(Excerpts from a dataset)
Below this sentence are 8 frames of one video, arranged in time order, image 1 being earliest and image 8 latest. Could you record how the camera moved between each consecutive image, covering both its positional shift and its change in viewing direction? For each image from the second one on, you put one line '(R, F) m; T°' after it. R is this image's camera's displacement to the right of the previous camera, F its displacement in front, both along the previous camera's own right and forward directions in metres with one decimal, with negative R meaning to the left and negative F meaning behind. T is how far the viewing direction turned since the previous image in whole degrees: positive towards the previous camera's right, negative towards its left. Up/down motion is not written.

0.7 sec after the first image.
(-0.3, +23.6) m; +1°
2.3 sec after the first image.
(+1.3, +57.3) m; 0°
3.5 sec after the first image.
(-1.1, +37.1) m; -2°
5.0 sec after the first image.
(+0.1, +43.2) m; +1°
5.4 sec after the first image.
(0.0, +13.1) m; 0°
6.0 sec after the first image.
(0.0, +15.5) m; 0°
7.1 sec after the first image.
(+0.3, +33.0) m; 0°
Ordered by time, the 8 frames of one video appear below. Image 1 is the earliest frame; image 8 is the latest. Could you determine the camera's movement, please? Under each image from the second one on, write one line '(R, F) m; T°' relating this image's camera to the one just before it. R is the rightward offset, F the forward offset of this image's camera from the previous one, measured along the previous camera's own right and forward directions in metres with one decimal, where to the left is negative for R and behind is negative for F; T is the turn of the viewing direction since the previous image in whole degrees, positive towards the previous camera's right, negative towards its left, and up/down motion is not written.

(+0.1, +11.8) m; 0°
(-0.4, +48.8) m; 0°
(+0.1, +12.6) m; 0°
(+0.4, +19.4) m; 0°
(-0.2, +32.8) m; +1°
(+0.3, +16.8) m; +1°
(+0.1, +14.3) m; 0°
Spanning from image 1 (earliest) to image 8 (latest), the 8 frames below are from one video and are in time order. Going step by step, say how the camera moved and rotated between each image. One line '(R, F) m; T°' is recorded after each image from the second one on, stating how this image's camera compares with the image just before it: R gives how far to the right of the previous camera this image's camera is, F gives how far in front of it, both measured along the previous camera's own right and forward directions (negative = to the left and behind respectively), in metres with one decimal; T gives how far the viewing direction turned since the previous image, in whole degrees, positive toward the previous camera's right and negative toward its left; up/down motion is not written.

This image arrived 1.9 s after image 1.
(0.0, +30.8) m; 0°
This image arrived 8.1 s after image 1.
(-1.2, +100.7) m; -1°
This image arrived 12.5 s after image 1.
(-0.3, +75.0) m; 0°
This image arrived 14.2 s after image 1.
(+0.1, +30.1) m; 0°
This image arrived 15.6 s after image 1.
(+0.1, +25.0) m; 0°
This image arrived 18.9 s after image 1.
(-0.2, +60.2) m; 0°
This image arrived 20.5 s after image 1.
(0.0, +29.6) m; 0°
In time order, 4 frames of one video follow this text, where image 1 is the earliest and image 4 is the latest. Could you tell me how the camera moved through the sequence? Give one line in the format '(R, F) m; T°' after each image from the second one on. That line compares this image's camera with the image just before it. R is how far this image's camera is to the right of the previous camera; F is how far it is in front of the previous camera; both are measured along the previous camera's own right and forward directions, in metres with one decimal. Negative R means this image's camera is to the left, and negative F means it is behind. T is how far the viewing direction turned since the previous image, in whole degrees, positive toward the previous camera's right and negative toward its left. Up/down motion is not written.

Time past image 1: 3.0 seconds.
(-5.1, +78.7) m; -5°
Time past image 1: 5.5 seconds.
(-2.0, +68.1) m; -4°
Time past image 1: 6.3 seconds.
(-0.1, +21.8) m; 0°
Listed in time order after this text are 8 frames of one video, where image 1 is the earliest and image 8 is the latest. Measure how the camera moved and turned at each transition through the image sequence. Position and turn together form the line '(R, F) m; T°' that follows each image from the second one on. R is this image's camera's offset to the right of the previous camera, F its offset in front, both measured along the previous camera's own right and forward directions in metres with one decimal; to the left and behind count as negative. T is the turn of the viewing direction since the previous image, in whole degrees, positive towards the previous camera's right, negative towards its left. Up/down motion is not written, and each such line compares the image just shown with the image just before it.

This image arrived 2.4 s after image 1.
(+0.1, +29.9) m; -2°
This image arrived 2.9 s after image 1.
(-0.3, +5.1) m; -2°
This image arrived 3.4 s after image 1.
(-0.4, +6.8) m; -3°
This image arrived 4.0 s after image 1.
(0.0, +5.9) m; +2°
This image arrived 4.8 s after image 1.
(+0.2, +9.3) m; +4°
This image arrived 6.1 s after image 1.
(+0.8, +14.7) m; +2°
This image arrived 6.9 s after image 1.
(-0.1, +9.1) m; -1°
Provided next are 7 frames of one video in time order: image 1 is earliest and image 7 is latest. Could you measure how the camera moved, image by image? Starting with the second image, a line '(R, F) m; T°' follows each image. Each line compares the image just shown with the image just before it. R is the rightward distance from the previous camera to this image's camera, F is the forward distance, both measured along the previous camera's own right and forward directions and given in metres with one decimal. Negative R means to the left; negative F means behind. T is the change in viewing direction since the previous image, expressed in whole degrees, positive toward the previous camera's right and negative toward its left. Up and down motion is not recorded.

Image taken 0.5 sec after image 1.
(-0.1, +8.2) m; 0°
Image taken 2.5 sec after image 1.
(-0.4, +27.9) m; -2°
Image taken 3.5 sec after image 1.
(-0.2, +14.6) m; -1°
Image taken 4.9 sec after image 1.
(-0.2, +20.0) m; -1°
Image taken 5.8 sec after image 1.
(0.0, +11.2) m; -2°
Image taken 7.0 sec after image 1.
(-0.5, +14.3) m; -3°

ABOUT THIS EXERCISE:
Transcribe every record exactly.

TASK RESULT:
Below this sentence are 8 frames of one video, arranged in time order, image 1 being earliest and image 8 latest. Could you record how the camera moved between each consecutive image, covering both its positional shift and its change in viewing direction? For each image from the second one on, you put one line '(R, F) m; T°' after it. R is this image's camera's displacement to the right of the previous camera, F its displacement in front, both along the previous camera's own right and forward directions in metres with one decimal, with negative R meaning to the left and negative F meaning behind. T is how far the viewing direction turned since the previous image in whole degrees: positive towards the previous camera's right, negative towards its left. Up/down motion is not written.

0.7 sec after the first image.
(-0.3, +23.6) m; +1°
2.3 sec after the first image.
(+1.3, +57.3) m; 0°
3.5 sec after the first image.
(-1.1, +37.1) m; -2°
5.0 sec after the first image.
(+0.1, +43.2) m; +1°
5.4 sec after the first image.
(0.0, +13.1) m; 0°
6.0 sec after the first image.
(0.0, +15.5) m; 0°
7.1 sec after the first image.
(+0.3, +33.0) m; 0°
Ordered by time, the 8 frames of one video appear below. Image 1 is the earliest frame; image 8 is the latest. Could you determine the camera's movement, please? Under each image from the second one on, write one line '(R, F) m; T°' relating this image's camera to the one just before it. R is the rightward offset, F the forward offset of this image's camera from the previous one, measured along the previous camera's own right and forward directions in metres with one decimal, where to the left is negative for R and behind is negative for F; T is the turn of the viewing direction since the previous image in whole degrees, positive towards the previous camera's right, negative towards its left, and up/down motion is not written.

(+0.1, +11.8) m; 0°
(-0.4, +48.8) m; 0°
(+0.1, +12.6) m; 0°
(+0.4, +19.4) m; 0°
(-0.2, +32.8) m; +1°
(+0.3, +16.8) m; +1°
(+0.1, +14.3) m; 0°
Spanning from image 1 (earliest) to image 8 (latest), the 8 frames below are from one video and are in time order. Going step by step, say how the camera moved and rotated between each image. One line '(R, F) m; T°' is recorded after each image from the second one on, stating how this image's camera compares with the image just before it: R gives how far to the right of the previous camera this image's camera is, F gives how far in front of it, both measured along the previous camera's own right and forward directions (negative = to the left and behind respectively), in metres with one decimal; T gives how far the viewing direction turned since the previous image, in whole degrees, positive toward the previous camera's right and negative toward its left; up/down motion is not written.

This image arrived 1.9 s after image 1.
(0.0, +30.8) m; 0°
This image arrived 8.1 s after image 1.
(-1.2, +100.7) m; -1°
This image arrived 12.5 s after image 1.
(-0.3, +75.0) m; 0°
This image arrived 14.2 s after image 1.
(+0.1, +30.1) m; 0°
This image arrived 15.6 s after image 1.
(+0.1, +25.0) m; 0°
This image arrived 18.9 s after image 1.
(-0.2, +60.2) m; 0°
This image arrived 20.5 s after image 1.
(0.0, +29.6) m; 0°
In time order, 4 frames of one video follow this text, where image 1 is the earliest and image 4 is the latest. Could you tell me how the camera moved through the sequence? Give one line in the format '(R, F) m; T°' after each image from the second one on. That line compares this image's camera with the image just before it. R is how far this image's camera is to the right of the previous camera; F is how far it is in front of the previous camera; both are measured along the previous camera's own right and forward directions, in metres with one decimal. Negative R means this image's camera is to the left, and negative F means it is behind. T is how far the viewing direction turned since the previous image, in whole degrees, positive toward the previous camera's right and negative toward its left. Up/down motion is not written.

Time past image 1: 3.0 seconds.
(-5.1, +78.7) m; -5°
Time past image 1: 5.5 seconds.
(-2.0, +68.1) m; -4°
Time past image 1: 6.3 seconds.
(-0.1, +21.8) m; 0°
Listed in time order after this text are 8 frames of one video, where image 1 is the earliest and image 8 is the latest. Measure how the camera moved and turned at each transition through the image sequence. Position and turn together form the line '(R, F) m; T°' that follows each image from the second one on. R is this image's camera's offset to the right of the previous camera, F its offset in front, both measured along the previous camera's own right and forward directions in metres with one decimal; to the left and behind count as negative. T is the turn of the viewing direction since the previous image, in whole degrees, positive towards the previous camera's right, negative towards its left. Up/down motion is not written, and each such line compares the image just shown with the image just before it.

This image arrived 2.4 s after image 1.
(+0.1, +29.9) m; -2°
This image arrived 2.9 s after image 1.
(-0.3, +5.1) m; -2°
This image arrived 3.4 s after image 1.
(-0.4, +6.8) m; -3°
This image arrived 4.0 s after image 1.
(0.0, +5.9) m; +2°
This image arrived 4.8 s after image 1.
(+0.2, +9.3) m; +4°
This image arrived 6.1 s after image 1.
(+0.8, +14.7) m; +2°
This image arrived 6.9 s after image 1.
(-0.1, +9.1) m; -1°
Provided next are 7 frames of one video in time order: image 1 is earliest and image 7 is latest. Could you measure how the camera moved, image by image? Starting with the second image, a line '(R, F) m; T°' follows each image. Each line compares the image just shown with the image just before it. R is the rightward distance from the previous camera to this image's camera, F is the forward distance, both measured along the previous camera's own right and forward directions and given in metres with one decimal. Negative R means to the left; negative F means behind. T is the change in viewing direction since the previous image, expressed in whole degrees, positive toward the previous camera's right and negative toward its left. Up and down motion is not recorded.

Image taken 0.5 sec after image 1.
(-0.1, +8.2) m; 0°
Image taken 2.5 sec after image 1.
(-0.4, +27.9) m; -2°
Image taken 3.5 sec after image 1.
(-0.2, +14.6) m; -1°
Image taken 4.9 sec after image 1.
(-0.2, +20.0) m; -1°
Image taken 5.8 sec after image 1.
(0.0, +11.2) m; -2°
Image taken 7.0 sec after image 1.
(-0.5, +14.3) m; -3°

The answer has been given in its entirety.